Working data —
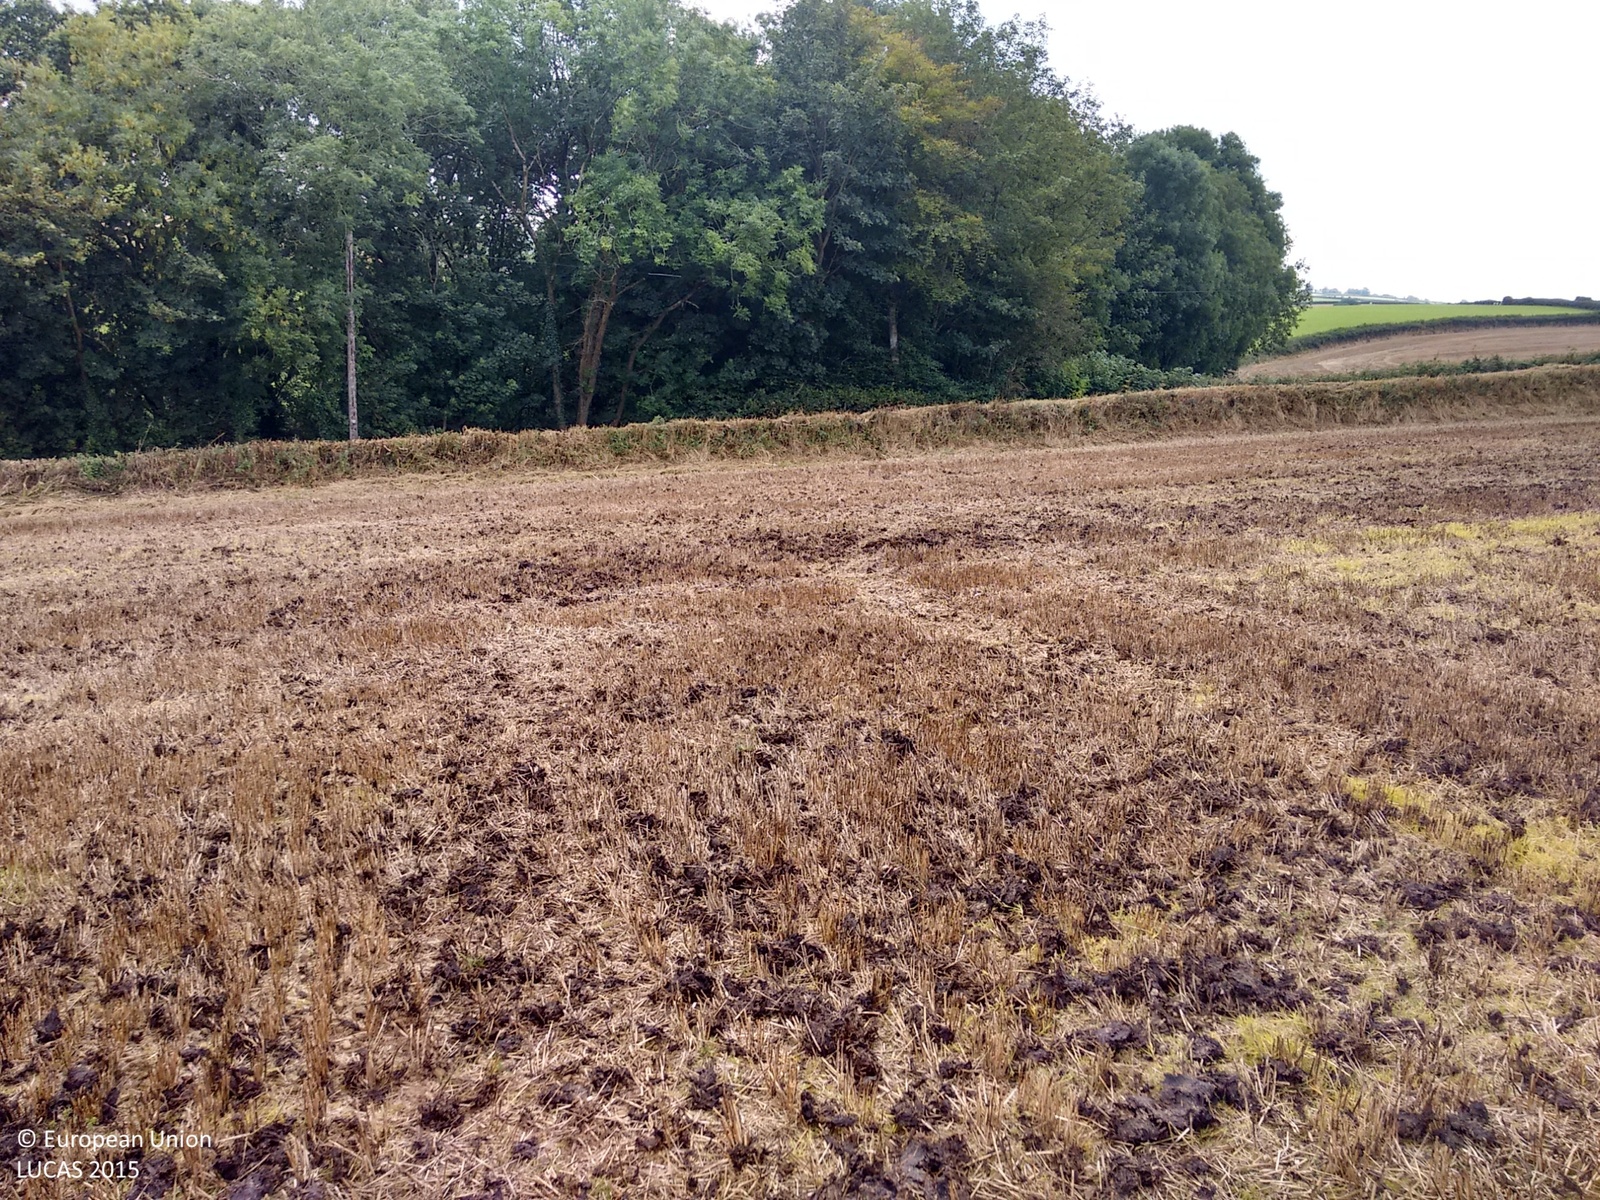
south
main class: Cropland
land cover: Barley
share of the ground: 50 - 75 %
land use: Agriculture (excluding fallow land and kitchen gardens)
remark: Harvested field
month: September
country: GB
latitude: 50.9054
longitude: -4.2781

What you have to do — Output exactly the lines from the one containing "land cover: Barley" through the last line of the entries, both ends included.

Solution for this exercise —
land cover: Barley
share of the ground: 50 - 75 %
land use: Agriculture (excluding fallow land and kitchen gardens)
remark: Harvested field
month: September
country: GB
latitude: 50.9054
longitude: -4.2781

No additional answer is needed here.